▶ **Records for the task**
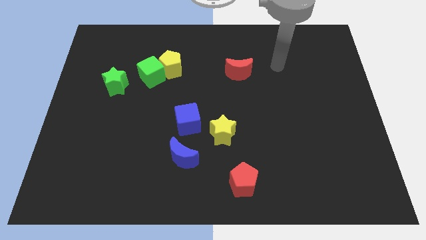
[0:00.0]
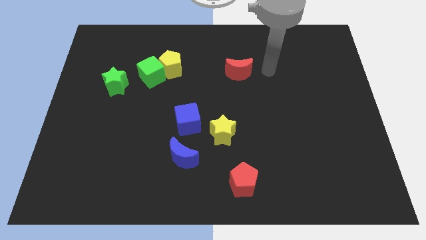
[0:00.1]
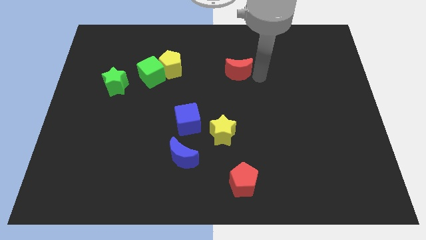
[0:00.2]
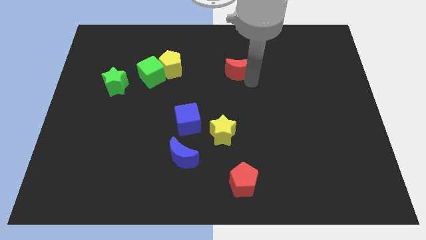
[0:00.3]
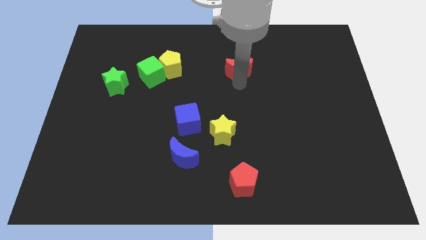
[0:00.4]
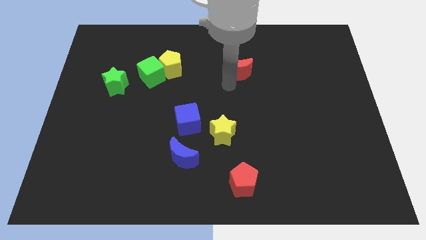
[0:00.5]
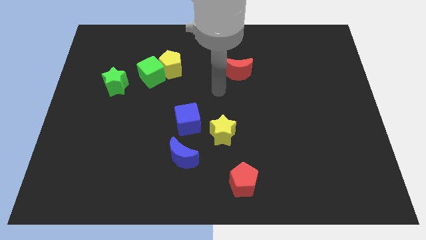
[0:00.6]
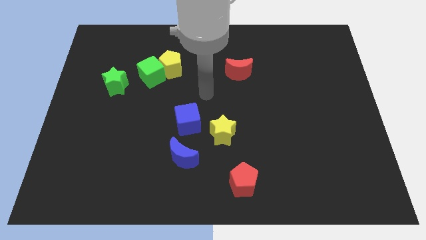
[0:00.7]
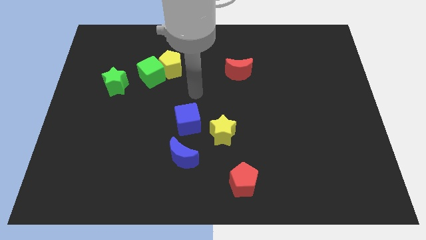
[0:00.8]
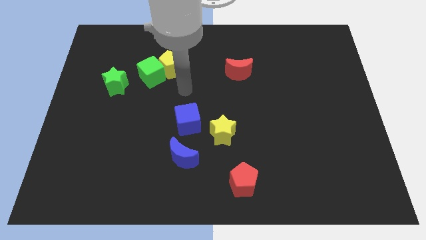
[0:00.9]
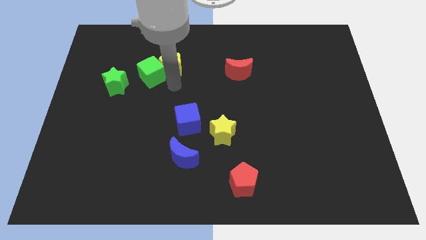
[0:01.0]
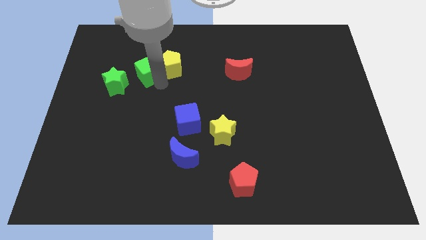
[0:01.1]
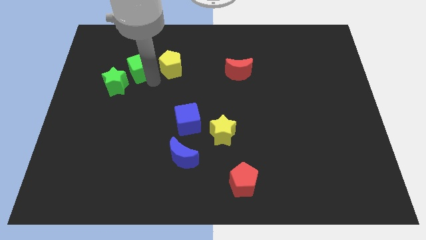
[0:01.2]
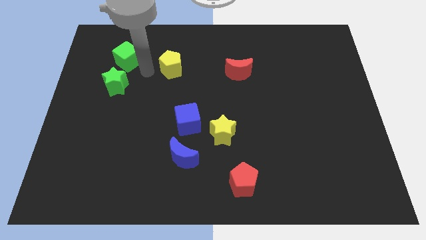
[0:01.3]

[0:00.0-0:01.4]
separate the yellow pentagon from the green cube

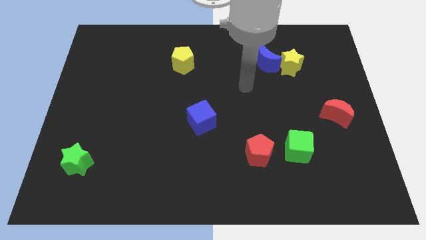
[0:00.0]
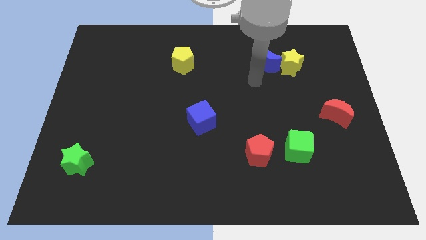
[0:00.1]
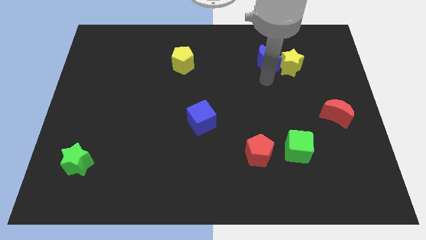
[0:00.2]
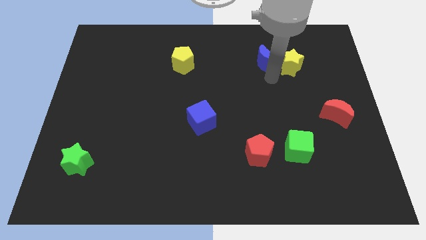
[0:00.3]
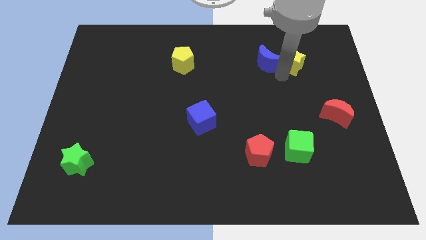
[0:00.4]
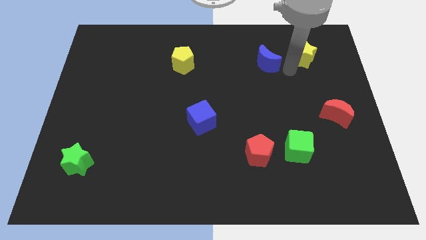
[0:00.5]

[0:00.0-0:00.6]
pull the blue moon apart from the yellow star

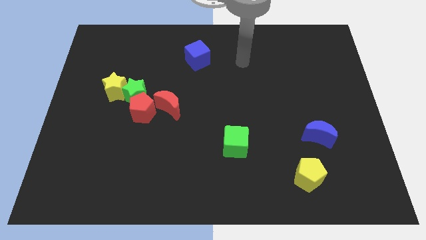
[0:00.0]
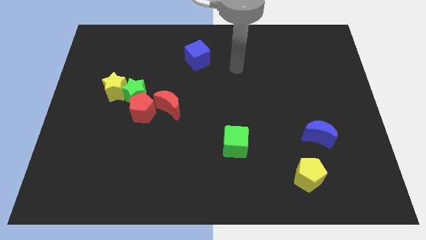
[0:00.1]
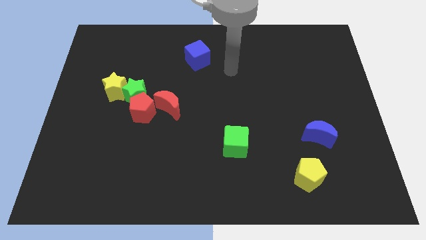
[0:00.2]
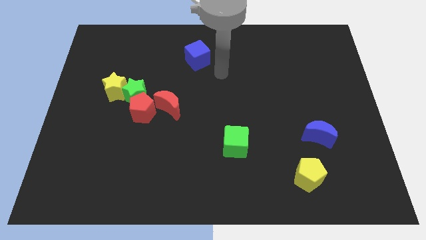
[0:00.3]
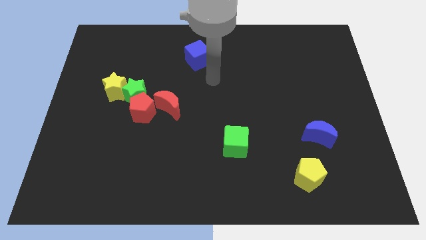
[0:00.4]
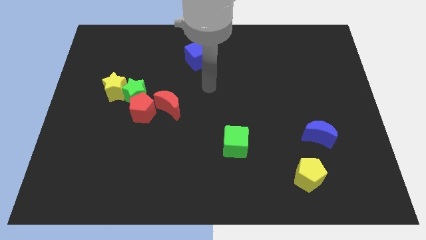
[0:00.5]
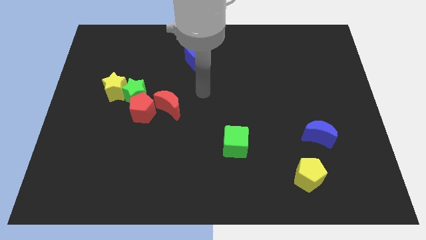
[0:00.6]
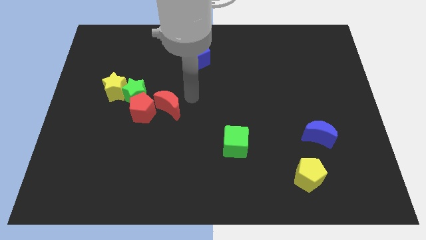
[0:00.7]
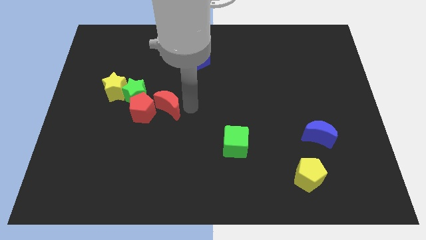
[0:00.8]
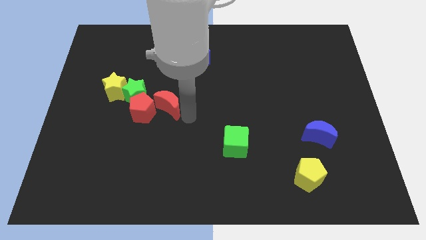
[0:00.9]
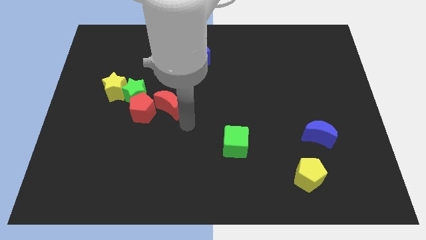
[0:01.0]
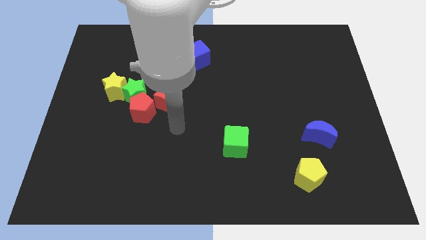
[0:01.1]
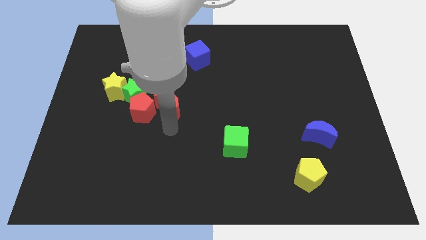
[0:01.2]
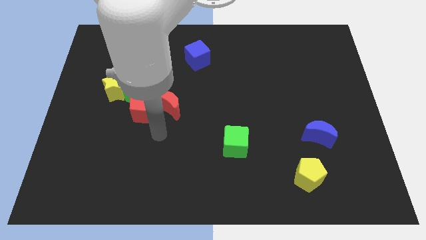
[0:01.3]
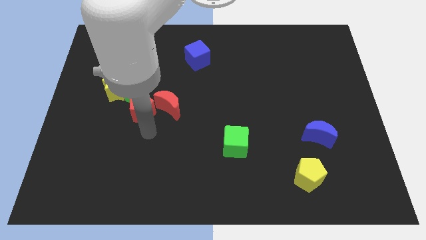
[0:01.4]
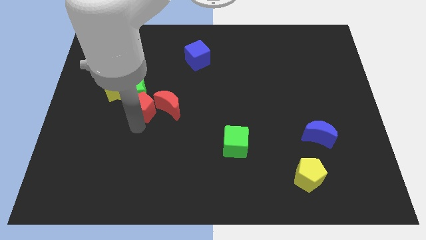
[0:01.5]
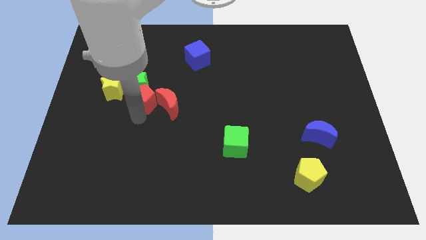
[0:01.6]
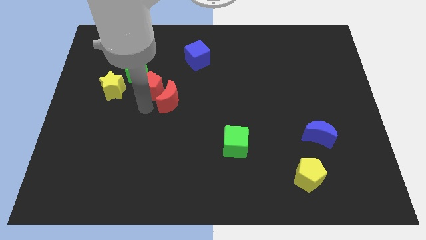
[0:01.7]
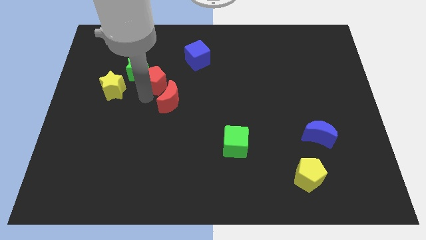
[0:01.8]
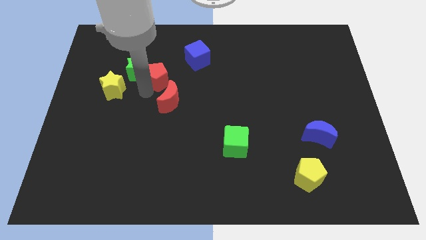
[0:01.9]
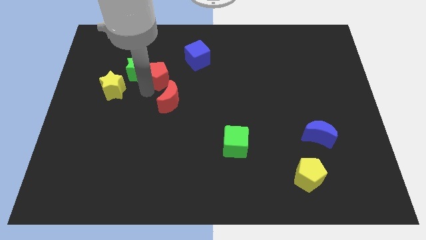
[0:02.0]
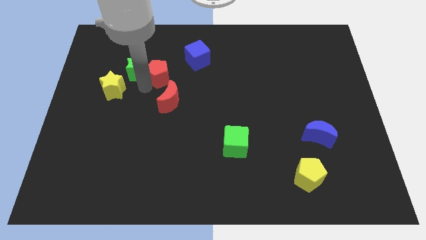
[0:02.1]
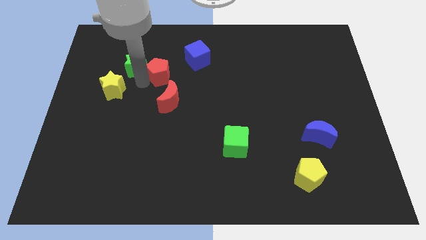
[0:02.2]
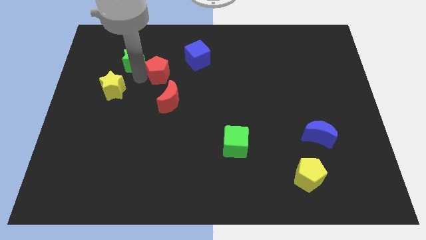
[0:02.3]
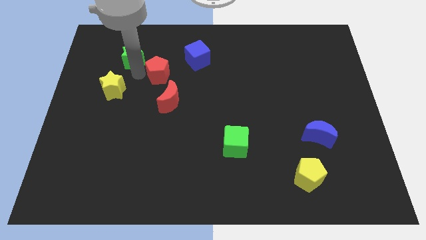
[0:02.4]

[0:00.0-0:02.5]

▶ **Work instructions**
Repeat each entry precisely as it appears. Leave the pictures out.

▶ **Expected answer**
[0:00.0]
[0:00.1]
[0:00.2]
[0:00.3]
[0:00.4]
[0:00.5]
[0:00.6]
[0:00.7]
[0:00.8]
[0:00.9]
[0:01.0]
[0:01.1]
[0:01.2]
[0:01.3]

[0:00.0-0:01.4]
separate the yellow pentagon from the green cube

[0:00.0]
[0:00.1]
[0:00.2]
[0:00.3]
[0:00.4]
[0:00.5]

[0:00.0-0:00.6]
pull the blue moon apart from the yellow star

[0:00.0]
[0:00.1]
[0:00.2]
[0:00.3]
[0:00.4]
[0:00.5]
[0:00.6]
[0:00.7]
[0:00.8]
[0:00.9]
[0:01.0]
[0:01.1]
[0:01.2]
[0:01.3]
[0:01.4]
[0:01.5]
[0:01.6]
[0:01.7]
[0:01.8]
[0:01.9]
[0:02.0]
[0:02.1]
[0:02.2]
[0:02.3]
[0:02.4]

[0:00.0-0:02.5]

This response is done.